* Records for this task
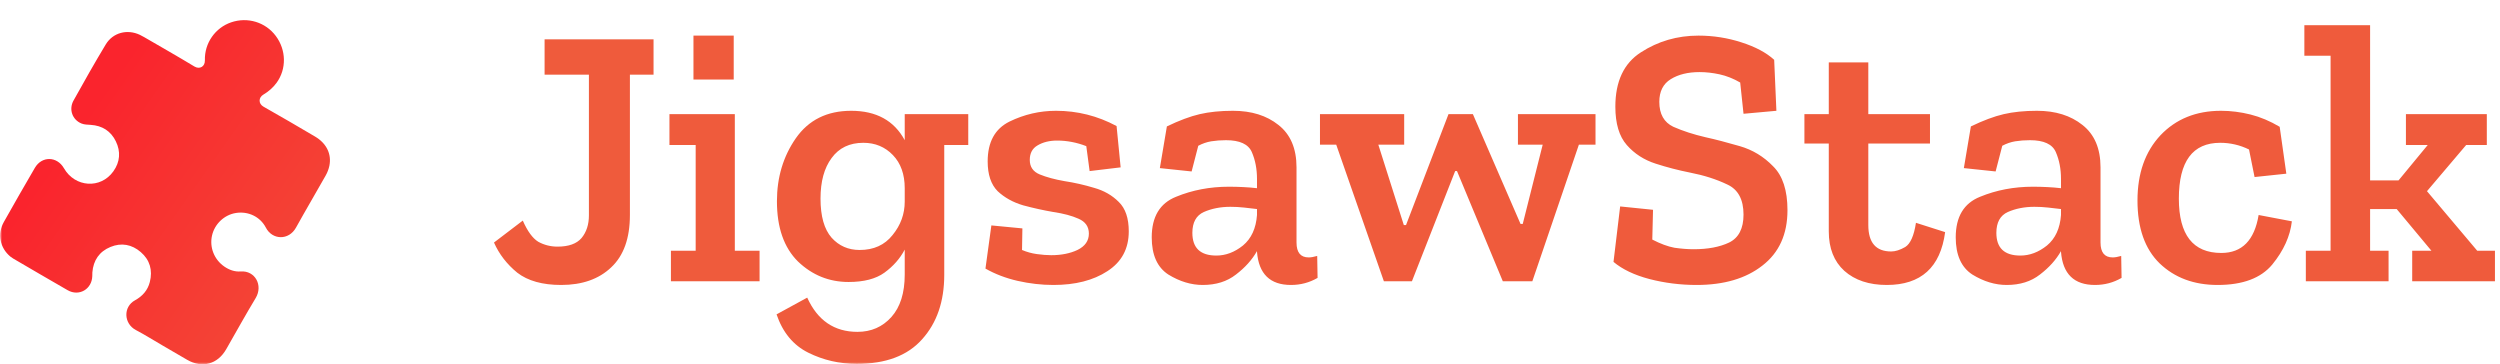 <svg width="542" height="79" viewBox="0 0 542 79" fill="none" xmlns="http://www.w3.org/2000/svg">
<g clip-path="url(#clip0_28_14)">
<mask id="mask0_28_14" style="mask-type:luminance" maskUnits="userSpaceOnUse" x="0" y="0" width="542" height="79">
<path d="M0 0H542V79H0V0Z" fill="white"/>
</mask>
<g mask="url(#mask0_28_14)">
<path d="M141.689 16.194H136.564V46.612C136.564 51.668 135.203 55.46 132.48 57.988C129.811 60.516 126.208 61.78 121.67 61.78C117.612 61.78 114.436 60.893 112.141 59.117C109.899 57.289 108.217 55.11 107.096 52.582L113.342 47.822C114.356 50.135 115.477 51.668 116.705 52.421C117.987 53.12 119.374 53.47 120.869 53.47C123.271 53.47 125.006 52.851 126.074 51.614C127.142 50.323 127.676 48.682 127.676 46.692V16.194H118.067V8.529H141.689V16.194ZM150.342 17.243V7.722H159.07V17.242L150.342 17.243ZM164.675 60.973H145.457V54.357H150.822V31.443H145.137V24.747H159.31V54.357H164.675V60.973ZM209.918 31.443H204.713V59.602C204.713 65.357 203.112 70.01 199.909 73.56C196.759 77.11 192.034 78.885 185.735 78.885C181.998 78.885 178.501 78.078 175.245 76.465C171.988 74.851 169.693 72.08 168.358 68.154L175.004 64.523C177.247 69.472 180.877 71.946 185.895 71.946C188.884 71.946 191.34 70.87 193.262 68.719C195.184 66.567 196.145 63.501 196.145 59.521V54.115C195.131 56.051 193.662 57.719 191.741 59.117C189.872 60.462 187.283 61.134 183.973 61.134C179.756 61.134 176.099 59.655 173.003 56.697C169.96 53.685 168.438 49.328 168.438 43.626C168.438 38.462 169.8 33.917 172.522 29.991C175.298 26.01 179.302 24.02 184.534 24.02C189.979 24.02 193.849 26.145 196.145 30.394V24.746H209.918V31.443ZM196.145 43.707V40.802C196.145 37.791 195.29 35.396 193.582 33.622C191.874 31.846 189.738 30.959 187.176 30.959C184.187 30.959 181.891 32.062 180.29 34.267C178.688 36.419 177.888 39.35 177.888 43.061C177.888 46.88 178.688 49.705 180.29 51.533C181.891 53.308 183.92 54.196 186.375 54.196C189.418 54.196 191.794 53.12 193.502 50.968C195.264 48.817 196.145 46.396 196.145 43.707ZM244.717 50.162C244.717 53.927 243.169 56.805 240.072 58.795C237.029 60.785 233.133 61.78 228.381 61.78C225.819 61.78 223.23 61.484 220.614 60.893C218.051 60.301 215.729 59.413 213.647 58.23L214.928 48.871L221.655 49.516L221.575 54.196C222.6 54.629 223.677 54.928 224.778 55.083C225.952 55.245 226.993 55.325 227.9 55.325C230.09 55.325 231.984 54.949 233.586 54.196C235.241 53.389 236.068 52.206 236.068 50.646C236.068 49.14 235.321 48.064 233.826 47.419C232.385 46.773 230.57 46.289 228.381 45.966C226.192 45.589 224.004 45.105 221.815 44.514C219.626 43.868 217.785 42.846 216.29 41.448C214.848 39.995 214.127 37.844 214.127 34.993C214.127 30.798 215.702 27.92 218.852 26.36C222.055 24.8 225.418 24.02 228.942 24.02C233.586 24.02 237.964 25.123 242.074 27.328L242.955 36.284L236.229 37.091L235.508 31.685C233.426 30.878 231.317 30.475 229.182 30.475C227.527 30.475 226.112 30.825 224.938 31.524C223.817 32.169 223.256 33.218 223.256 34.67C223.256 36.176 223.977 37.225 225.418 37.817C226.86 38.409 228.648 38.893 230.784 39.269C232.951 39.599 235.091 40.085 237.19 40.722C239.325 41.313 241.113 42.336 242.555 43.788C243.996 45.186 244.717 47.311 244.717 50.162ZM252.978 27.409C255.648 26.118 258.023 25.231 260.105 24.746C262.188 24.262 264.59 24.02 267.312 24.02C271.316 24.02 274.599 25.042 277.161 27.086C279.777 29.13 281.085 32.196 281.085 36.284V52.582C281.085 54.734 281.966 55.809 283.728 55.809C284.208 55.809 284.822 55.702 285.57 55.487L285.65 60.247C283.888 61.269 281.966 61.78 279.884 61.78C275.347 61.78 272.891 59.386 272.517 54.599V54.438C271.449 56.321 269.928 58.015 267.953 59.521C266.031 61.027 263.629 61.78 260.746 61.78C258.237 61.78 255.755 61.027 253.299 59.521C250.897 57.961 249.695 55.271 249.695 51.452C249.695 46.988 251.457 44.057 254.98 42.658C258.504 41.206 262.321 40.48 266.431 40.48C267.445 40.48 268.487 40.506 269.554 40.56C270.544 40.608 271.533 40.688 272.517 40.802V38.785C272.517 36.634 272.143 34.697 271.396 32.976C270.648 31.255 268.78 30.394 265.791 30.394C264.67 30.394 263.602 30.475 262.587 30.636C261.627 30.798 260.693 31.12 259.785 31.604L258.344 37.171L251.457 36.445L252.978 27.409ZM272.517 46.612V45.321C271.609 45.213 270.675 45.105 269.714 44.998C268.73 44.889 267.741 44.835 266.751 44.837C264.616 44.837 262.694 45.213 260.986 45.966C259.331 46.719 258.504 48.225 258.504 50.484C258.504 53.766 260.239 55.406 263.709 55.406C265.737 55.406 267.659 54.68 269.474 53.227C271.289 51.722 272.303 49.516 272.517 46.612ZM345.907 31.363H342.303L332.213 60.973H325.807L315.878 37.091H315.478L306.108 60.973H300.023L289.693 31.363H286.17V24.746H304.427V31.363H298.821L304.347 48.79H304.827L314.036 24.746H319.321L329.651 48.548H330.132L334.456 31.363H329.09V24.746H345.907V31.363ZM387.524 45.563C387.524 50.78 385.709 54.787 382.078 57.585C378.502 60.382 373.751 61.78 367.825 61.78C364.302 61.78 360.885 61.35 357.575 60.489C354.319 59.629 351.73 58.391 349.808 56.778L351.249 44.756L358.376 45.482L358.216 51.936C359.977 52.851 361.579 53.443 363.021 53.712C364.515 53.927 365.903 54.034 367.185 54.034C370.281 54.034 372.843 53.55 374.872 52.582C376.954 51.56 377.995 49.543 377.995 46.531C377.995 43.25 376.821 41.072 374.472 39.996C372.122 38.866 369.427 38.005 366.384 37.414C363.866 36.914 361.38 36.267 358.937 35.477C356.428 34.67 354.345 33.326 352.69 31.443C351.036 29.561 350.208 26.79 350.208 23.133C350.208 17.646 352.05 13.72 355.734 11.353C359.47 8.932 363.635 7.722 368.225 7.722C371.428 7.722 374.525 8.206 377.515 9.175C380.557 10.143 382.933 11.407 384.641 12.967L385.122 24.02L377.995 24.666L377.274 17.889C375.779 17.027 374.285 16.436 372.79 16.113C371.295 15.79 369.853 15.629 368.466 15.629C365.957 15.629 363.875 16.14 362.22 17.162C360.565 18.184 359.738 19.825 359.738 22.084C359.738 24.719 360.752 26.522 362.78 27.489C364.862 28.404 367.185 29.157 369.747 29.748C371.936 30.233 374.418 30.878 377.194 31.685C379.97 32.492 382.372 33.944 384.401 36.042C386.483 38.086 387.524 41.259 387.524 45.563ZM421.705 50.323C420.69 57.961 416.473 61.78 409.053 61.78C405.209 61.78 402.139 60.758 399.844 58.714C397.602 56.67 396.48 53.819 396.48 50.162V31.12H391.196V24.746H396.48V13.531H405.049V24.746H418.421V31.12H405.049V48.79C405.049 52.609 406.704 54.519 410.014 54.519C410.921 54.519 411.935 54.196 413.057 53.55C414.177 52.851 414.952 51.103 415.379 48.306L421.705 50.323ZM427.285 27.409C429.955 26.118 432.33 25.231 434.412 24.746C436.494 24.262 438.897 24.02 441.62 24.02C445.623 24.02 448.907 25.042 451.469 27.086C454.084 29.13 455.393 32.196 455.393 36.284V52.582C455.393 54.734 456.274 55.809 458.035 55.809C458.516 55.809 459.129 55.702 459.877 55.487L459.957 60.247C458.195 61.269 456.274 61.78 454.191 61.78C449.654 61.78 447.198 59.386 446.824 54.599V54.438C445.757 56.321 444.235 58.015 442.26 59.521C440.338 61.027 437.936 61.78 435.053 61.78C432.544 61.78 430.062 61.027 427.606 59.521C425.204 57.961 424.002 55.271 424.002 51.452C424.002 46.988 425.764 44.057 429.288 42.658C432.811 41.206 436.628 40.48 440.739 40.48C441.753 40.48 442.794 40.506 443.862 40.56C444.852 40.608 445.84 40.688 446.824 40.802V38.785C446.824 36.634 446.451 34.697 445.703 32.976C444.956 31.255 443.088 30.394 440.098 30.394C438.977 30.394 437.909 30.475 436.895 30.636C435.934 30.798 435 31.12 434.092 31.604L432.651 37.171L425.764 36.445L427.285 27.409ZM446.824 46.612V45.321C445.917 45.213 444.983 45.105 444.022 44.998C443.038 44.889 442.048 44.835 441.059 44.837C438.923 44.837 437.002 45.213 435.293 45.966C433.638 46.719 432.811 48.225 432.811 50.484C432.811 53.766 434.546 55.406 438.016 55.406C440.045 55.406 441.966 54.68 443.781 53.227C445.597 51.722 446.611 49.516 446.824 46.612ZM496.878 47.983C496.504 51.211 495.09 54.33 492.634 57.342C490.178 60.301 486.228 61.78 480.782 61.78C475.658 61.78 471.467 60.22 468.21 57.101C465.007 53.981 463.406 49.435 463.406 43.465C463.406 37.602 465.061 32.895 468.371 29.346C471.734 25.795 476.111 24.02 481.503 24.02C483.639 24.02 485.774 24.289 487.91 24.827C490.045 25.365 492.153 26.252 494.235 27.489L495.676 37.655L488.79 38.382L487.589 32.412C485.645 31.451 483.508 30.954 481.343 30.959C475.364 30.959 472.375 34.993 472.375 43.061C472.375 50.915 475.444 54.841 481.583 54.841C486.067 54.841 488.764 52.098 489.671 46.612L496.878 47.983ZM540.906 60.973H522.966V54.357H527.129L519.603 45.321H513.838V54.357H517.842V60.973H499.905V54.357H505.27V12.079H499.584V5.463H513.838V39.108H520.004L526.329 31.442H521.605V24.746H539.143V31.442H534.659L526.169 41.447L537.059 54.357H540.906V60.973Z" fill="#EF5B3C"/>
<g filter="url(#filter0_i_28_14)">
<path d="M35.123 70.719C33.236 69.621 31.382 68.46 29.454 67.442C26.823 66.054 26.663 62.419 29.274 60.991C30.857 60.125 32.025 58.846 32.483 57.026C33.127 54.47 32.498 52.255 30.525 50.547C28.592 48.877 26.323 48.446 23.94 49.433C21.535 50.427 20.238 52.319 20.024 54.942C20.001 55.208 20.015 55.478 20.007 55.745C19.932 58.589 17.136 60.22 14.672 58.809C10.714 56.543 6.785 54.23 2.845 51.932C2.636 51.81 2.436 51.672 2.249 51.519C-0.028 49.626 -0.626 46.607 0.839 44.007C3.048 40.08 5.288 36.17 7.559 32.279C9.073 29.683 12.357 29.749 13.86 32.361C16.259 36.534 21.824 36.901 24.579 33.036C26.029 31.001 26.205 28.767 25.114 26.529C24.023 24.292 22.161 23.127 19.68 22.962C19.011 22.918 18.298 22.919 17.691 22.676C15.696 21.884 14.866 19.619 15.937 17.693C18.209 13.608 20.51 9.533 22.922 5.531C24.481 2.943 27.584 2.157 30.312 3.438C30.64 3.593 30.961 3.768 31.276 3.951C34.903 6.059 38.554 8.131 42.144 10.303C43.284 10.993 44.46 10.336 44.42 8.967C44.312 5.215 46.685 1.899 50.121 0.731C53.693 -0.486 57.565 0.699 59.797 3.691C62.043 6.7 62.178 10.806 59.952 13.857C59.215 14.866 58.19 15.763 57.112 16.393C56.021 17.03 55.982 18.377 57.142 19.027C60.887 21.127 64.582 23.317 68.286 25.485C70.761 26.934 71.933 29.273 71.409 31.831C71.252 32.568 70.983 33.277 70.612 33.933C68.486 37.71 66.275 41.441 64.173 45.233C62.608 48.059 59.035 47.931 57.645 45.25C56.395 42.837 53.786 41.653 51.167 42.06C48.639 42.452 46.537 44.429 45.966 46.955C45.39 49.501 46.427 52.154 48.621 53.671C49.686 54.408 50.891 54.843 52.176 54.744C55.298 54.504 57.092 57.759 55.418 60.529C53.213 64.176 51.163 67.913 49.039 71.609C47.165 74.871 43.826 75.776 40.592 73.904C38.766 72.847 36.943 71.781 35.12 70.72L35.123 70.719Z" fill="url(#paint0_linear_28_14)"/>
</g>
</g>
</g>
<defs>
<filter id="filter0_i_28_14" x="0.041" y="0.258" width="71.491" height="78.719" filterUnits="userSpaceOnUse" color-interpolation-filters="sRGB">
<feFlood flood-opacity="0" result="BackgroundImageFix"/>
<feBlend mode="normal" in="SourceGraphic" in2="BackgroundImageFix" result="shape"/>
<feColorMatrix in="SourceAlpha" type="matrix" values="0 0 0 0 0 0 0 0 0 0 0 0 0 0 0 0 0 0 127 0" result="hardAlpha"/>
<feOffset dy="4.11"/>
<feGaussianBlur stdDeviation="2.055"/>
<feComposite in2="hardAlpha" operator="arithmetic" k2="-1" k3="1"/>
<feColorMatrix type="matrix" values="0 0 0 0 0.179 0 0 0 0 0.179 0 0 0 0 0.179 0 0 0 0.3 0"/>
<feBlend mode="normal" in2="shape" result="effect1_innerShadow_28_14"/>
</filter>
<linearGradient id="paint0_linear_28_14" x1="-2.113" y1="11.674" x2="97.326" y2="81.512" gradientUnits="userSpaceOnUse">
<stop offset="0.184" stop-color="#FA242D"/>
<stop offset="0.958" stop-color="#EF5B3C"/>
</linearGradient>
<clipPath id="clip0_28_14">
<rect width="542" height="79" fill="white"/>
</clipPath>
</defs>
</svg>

* What you should do
All lines in the data that contain the word "type" should be copied.

* Solved exercise
<mask id="mask0_28_14" style="mask-type:luminance" maskUnits="userSpaceOnUse" x="0" y="0" width="542" height="79">
<feColorMatrix in="SourceAlpha" type="matrix" values="0 0 0 0 0 0 0 0 0 0 0 0 0 0 0 0 0 0 127 0" result="hardAlpha"/>
<feColorMatrix type="matrix" values="0 0 0 0 0.179 0 0 0 0 0.179 0 0 0 0 0.179 0 0 0 0.3 0"/>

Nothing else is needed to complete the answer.